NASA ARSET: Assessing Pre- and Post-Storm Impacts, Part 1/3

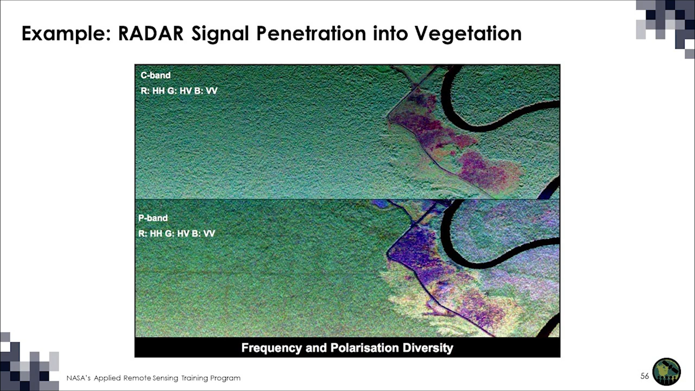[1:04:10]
And you can see when you compare both of them that there's more detail in the P band image. Remember, the longer the wavelength, the greater the penetration of the signal through the vegetation canopy. So the bottom image has more information about those densely forested areas. And again, here's another example on the radar signal penetration into vegetation. And this is a radar image at C band, L band, and P band from an airborne sensor called AirSAR. It's a NASA airborne sensor.
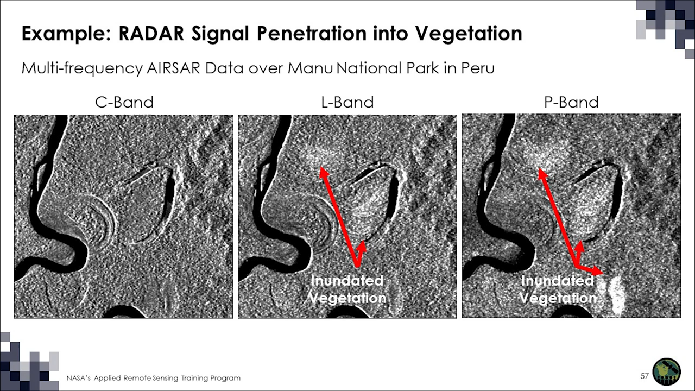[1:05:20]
You can hardly see any inundation in the C band image. So next I'll talk about the radar signal interaction with the surface.
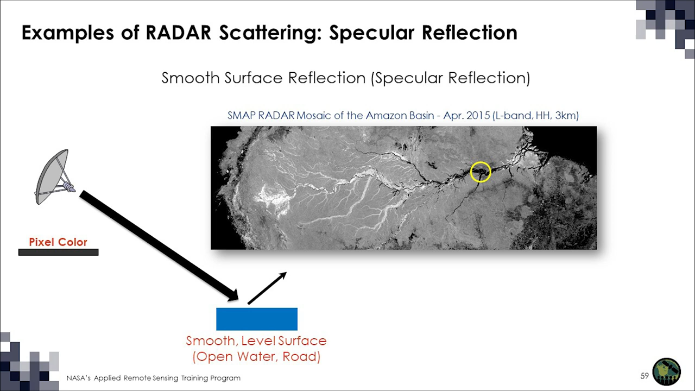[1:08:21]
Okay, so that's just a very smooth surface where the energy of the satellite, that signal, is being reflected away from the radar system. Appearing dark on the image. And the next mechanism is surface reflection, rough surface reflection. So these are areas that are dark, but they're not as dark as open water. And so these are probably areas that have been deforested or they're tilled agricultural fields.
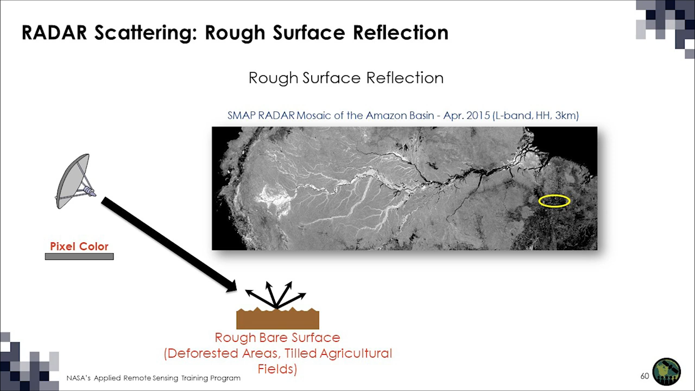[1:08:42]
So there is some level of roughness in these areas. And then there's volume scattering. And these are areas where there's vegetation and the signal interacts with multiple components within the vegetation. So vegetated areas tend to have an even higher backscatter. They're even, the pixel level brightness is even higher.
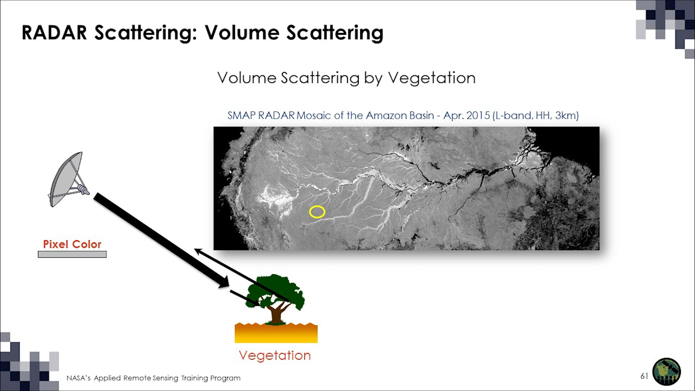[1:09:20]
And you can see here the yellow circled area is an area where there's forest. And you can see that it's even brighter than just a simple rough surface. Okay, and then the final scattering mechanism is double bounce. And this occurs when you have two smooth surfaces creating a right angle that deflects the incoming radar signal off both surfaces. And most of the energy then is returned to the sensor. So this, if you see double bounce in urban areas and in inundated vegetation.
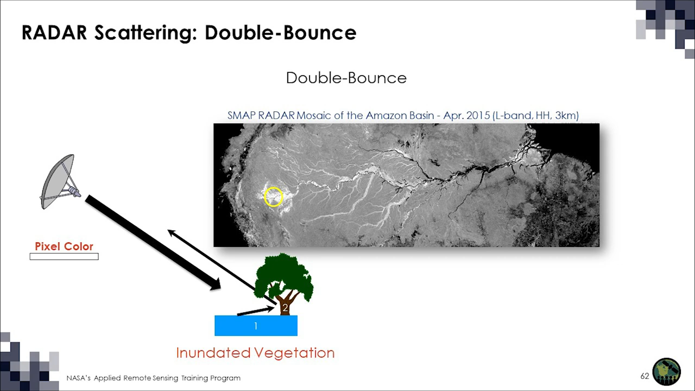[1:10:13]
So this is all vegetation where there's standing water above the soil surface. And so that's why radar really is ideal for looking at wetland ecosystems and inundation dynamics of these systems. So I want to briefly touch on an important characteristic of the radar signal.
+---+
The output should be the material above, copied exactly, without its pictures.

Answer to the problem
NASA ARSET: Assessing Pre- and Post-Storm Impacts, Part 1/3

[1:04:10]
And you can see when you compare both of them that there's more detail in the P band image. Remember, the longer the wavelength, the greater the penetration of the signal through the vegetation canopy. So the bottom image has more information about those densely forested areas. And again, here's another example on the radar signal penetration into vegetation. And this is a radar image at C band, L band, and P band from an airborne sensor called AirSAR. It's a NASA airborne sensor.
[1:05:20]
You can hardly see any inundation in the C band image. So next I'll talk about the radar signal interaction with the surface.
[1:08:21]
Okay, so that's just a very smooth surface where the energy of the satellite, that signal, is being reflected away from the radar system. Appearing dark on the image. And the next mechanism is surface reflection, rough surface reflection. So these are areas that are dark, but they're not as dark as open water. And so these are probably areas that have been deforested or they're tilled agricultural fields.
[1:08:42]
So there is some level of roughness in these areas. And then there's volume scattering. And these are areas where there's vegetation and the signal interacts with multiple components within the vegetation. So vegetated areas tend to have an even higher backscatter. They're even, the pixel level brightness is even higher.
[1:09:20]
And you can see here the yellow circled area is an area where there's forest. And you can see that it's even brighter than just a simple rough surface. Okay, and then the final scattering mechanism is double bounce. And this occurs when you have two smooth surfaces creating a right angle that deflects the incoming radar signal off both surfaces. And most of the energy then is returned to the sensor. So this, if you see double bounce in urban areas and in inundated vegetation.
[1:10:13]
So this is all vegetation where there's standing water above the soil surface. And so that's why radar really is ideal for looking at wetland ecosystems and inundation dynamics of these systems. So I want to briefly touch on an important characteristic of the radar signal.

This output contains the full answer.